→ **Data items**

= = = = =

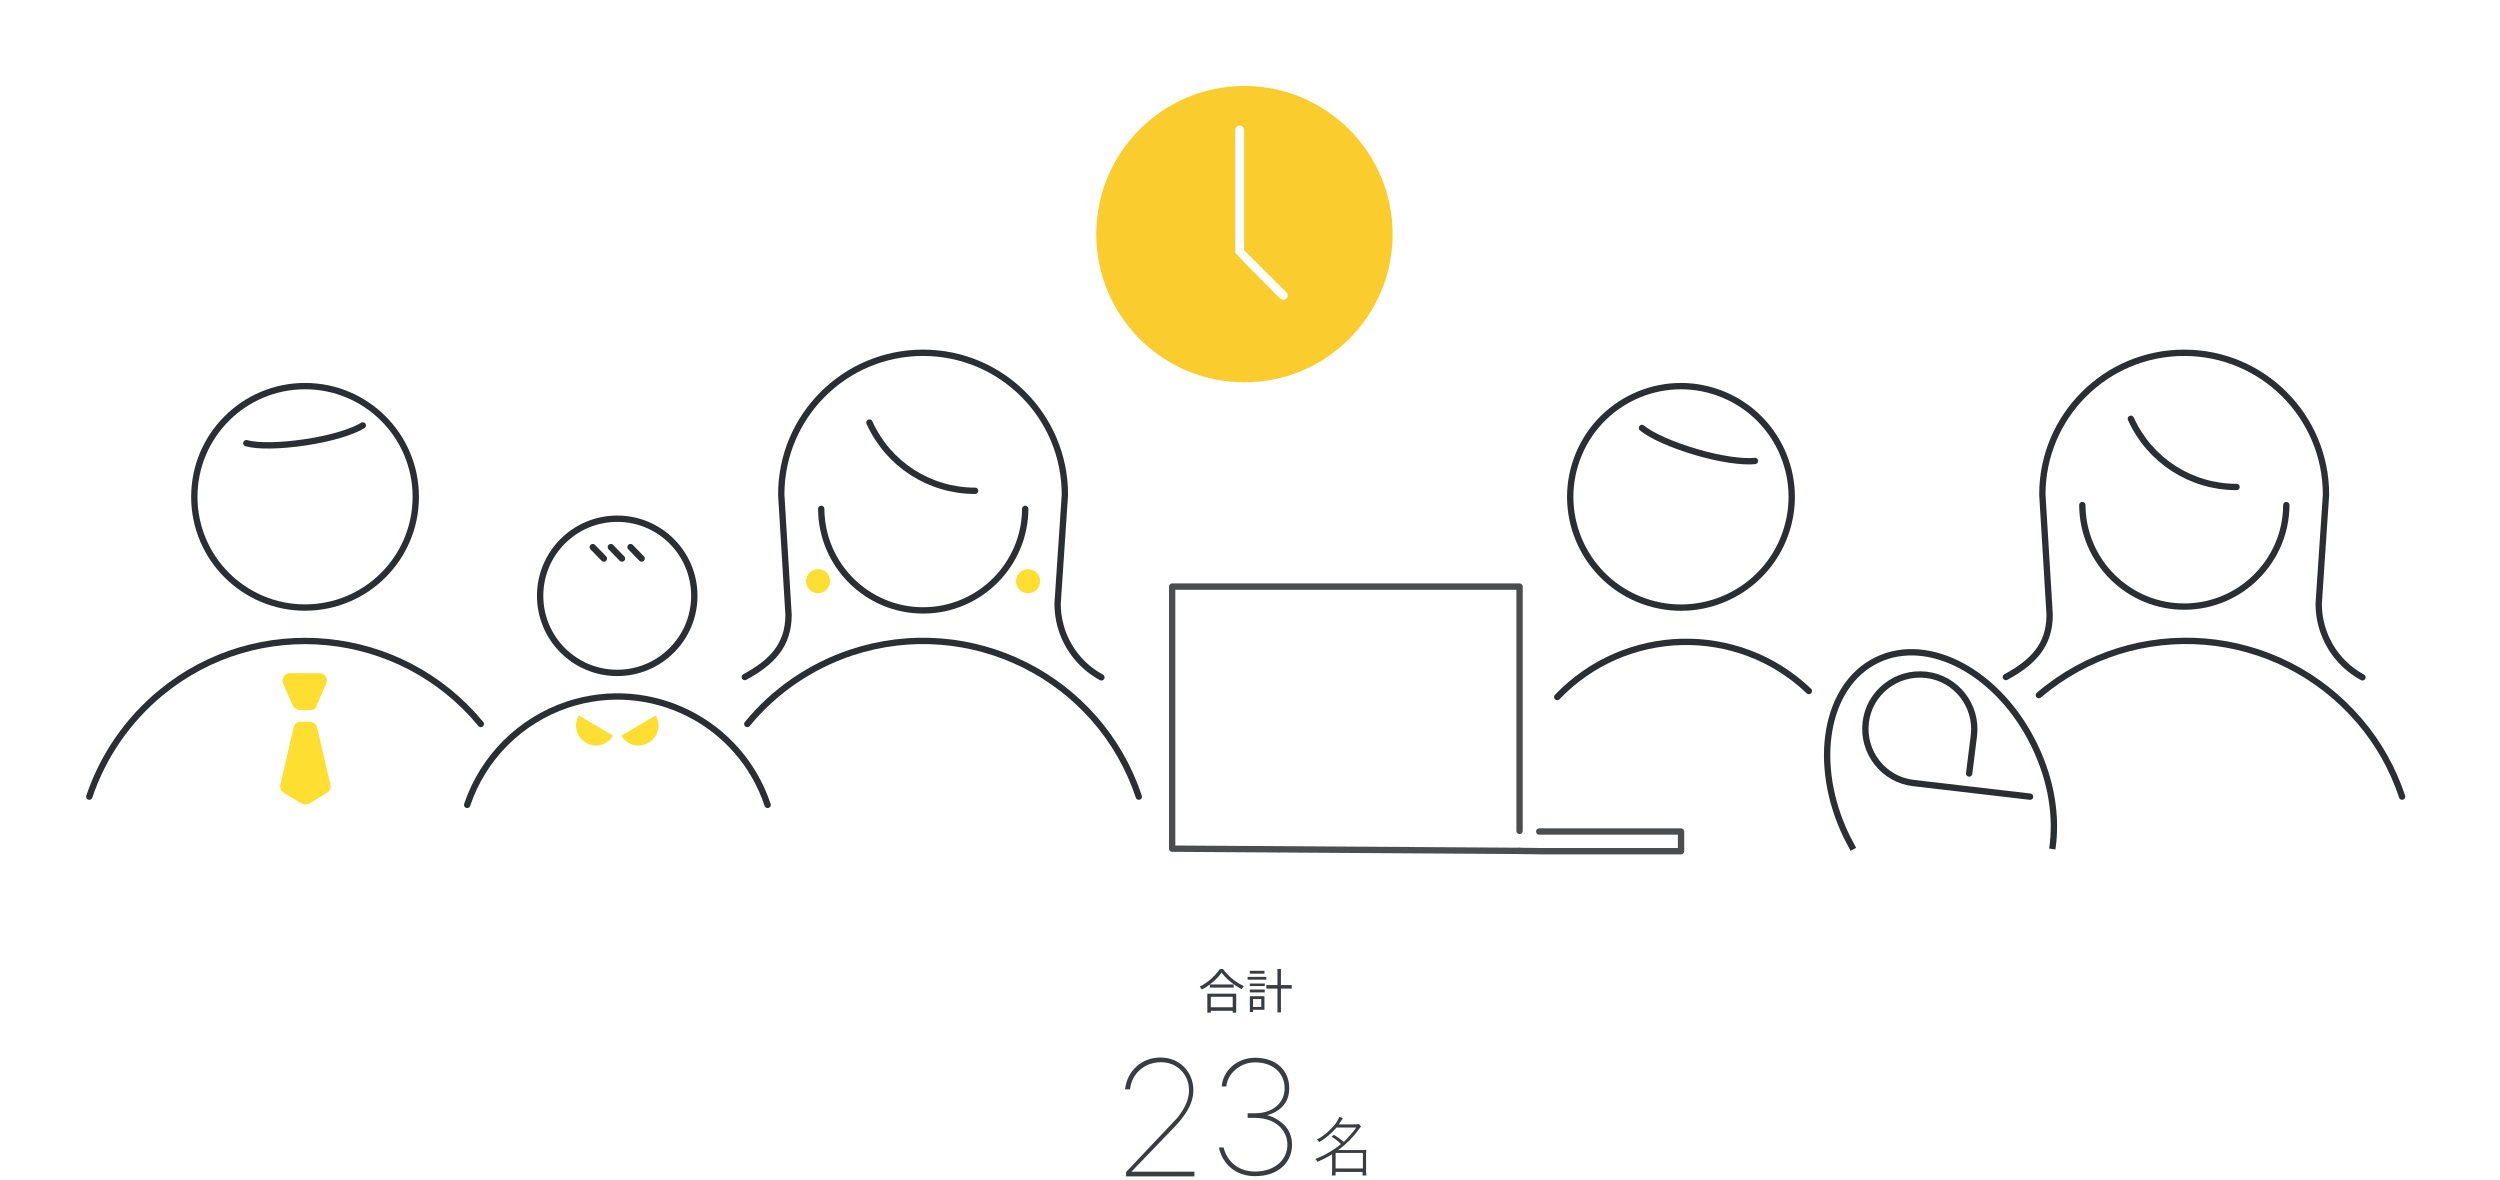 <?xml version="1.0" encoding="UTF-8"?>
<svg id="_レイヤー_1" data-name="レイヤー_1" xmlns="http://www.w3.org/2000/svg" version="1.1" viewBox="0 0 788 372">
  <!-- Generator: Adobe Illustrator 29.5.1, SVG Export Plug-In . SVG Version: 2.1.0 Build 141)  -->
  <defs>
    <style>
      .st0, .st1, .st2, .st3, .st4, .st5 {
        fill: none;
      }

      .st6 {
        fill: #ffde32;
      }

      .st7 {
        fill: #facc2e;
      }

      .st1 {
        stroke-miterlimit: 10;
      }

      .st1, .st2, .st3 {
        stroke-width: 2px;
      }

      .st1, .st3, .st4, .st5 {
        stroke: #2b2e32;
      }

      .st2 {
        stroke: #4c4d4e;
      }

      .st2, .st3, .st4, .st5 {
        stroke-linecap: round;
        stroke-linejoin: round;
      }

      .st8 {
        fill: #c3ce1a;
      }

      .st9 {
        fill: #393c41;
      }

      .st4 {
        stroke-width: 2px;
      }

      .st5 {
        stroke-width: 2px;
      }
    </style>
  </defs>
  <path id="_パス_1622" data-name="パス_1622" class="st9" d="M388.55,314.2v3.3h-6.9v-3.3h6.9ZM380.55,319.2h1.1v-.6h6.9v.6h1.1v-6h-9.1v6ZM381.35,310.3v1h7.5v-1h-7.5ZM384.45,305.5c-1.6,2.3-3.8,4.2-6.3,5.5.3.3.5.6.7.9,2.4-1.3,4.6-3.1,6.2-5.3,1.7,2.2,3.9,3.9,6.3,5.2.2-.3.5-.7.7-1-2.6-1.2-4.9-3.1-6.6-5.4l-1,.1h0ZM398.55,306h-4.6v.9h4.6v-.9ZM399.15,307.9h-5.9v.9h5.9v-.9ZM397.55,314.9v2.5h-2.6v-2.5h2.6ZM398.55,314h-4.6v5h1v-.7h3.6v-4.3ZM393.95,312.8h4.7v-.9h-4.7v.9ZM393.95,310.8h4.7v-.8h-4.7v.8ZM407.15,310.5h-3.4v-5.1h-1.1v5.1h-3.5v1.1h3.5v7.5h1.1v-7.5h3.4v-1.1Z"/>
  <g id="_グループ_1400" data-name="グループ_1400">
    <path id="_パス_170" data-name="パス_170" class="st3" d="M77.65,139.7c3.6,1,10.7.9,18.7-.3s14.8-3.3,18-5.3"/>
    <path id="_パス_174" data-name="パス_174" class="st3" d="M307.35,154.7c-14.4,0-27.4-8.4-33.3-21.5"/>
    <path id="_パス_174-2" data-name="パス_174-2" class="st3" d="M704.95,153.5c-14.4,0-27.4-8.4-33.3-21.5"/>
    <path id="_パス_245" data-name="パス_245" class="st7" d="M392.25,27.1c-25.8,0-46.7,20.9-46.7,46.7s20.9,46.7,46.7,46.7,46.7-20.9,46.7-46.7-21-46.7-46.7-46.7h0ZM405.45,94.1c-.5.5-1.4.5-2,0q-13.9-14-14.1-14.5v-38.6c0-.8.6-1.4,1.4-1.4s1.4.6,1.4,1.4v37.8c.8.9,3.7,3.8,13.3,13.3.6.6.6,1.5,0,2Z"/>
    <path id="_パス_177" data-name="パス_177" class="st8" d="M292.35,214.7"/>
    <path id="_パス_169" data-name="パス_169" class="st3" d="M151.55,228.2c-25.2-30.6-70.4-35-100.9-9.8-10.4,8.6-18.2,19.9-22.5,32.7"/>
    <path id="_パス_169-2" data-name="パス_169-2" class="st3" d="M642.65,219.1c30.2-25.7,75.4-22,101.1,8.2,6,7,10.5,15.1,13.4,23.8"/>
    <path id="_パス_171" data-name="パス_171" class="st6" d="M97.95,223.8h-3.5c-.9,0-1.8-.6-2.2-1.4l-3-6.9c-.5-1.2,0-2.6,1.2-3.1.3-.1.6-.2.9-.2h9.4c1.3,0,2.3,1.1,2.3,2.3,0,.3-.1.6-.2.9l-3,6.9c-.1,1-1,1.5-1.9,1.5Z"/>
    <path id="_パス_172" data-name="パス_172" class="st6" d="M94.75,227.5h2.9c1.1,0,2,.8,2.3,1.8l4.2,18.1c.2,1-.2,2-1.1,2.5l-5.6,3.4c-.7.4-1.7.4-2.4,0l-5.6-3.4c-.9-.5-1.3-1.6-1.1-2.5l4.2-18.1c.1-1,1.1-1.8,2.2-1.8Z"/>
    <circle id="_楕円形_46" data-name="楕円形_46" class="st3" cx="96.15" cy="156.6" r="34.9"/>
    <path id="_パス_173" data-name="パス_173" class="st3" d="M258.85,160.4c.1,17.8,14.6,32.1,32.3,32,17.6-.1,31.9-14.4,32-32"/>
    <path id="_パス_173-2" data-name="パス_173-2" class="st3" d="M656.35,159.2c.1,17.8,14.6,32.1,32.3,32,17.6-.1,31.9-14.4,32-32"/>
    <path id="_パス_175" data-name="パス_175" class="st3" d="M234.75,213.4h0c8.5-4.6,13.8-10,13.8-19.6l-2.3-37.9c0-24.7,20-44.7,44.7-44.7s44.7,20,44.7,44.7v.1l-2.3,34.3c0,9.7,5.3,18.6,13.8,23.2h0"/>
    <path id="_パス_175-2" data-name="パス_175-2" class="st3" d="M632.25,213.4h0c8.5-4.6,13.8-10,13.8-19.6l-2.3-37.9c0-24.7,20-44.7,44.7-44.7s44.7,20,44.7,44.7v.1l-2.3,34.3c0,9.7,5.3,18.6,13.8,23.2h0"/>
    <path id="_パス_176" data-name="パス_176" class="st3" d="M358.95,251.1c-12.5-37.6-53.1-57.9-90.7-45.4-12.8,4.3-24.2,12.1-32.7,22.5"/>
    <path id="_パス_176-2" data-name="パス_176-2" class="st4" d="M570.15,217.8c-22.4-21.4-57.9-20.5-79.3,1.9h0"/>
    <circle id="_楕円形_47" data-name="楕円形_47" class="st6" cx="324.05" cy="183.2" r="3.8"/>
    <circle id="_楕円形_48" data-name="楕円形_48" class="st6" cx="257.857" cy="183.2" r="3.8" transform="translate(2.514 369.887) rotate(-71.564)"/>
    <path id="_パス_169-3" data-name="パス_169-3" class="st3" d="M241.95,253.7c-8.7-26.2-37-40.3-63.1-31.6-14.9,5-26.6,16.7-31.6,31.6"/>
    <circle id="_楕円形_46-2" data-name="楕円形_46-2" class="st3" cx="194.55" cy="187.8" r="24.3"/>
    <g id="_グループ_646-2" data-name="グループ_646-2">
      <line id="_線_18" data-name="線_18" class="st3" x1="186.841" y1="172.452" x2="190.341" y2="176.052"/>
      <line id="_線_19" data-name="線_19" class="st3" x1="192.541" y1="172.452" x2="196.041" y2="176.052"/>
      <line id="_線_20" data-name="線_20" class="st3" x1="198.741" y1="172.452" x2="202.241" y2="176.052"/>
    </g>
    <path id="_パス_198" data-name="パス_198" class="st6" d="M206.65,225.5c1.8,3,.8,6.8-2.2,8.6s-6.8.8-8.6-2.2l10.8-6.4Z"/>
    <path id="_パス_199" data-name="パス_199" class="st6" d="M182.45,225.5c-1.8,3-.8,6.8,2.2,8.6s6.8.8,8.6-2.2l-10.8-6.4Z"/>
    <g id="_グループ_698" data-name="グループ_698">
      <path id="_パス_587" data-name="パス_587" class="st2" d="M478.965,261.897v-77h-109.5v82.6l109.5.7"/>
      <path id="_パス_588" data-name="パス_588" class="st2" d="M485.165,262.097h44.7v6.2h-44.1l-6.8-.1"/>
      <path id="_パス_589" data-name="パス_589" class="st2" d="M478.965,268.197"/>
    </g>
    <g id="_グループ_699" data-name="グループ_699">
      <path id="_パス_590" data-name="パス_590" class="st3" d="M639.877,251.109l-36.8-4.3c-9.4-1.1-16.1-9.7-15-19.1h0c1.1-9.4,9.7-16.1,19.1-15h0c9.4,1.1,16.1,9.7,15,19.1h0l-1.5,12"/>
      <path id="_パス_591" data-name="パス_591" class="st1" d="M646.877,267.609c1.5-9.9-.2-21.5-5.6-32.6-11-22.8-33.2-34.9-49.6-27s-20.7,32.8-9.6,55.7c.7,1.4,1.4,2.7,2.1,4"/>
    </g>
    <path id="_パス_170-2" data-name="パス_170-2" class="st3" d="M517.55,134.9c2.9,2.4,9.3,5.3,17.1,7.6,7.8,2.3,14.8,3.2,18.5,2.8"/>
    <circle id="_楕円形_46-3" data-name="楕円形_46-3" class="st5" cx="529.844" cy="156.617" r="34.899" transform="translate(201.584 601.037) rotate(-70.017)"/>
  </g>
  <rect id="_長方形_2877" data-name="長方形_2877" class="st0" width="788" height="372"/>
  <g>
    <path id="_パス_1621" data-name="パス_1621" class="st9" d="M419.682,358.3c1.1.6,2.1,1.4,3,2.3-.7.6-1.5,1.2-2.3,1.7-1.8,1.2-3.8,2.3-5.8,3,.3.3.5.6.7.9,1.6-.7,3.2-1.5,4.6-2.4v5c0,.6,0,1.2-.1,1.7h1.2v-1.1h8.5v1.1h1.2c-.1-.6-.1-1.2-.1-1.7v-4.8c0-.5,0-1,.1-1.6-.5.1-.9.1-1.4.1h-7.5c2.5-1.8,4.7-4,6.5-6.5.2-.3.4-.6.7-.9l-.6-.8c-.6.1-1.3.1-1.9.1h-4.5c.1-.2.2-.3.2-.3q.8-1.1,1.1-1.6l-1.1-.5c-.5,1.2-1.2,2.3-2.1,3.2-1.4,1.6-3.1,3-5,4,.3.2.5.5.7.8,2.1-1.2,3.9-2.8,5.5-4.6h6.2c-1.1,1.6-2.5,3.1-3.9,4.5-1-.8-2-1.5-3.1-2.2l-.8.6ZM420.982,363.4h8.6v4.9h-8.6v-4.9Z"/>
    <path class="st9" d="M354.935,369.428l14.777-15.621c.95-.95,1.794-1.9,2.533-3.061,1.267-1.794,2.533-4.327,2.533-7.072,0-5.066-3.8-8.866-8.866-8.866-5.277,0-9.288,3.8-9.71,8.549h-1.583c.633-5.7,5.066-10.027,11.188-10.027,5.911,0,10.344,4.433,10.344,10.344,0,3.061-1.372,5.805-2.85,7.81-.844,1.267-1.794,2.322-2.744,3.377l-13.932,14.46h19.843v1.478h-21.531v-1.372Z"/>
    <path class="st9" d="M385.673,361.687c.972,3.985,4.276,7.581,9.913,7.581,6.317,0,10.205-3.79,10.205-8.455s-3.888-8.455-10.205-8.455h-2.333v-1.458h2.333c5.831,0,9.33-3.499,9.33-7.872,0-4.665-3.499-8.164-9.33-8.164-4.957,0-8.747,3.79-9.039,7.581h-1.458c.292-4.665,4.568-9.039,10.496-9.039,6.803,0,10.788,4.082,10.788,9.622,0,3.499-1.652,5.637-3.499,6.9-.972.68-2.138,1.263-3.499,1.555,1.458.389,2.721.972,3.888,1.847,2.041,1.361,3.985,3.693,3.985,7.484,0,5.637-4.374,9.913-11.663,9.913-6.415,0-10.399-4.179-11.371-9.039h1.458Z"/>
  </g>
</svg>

= = = = =

The answer must consist of each line from the data that includes the string "circle".

→ **Reply to the task**
    <circle id="_楕円形_46" data-name="楕円形_46" class="st3" cx="96.15" cy="156.6" r="34.9"/>
    <circle id="_楕円形_47" data-name="楕円形_47" class="st6" cx="324.05" cy="183.2" r="3.8"/>
    <circle id="_楕円形_48" data-name="楕円形_48" class="st6" cx="257.857" cy="183.2" r="3.8" transform="translate(2.514 369.887) rotate(-71.564)"/>
    <circle id="_楕円形_46-2" data-name="楕円形_46-2" class="st3" cx="194.55" cy="187.8" r="24.3"/>
    <circle id="_楕円形_46-3" data-name="楕円形_46-3" class="st5" cx="529.844" cy="156.617" r="34.899" transform="translate(201.584 601.037) rotate(-70.017)"/>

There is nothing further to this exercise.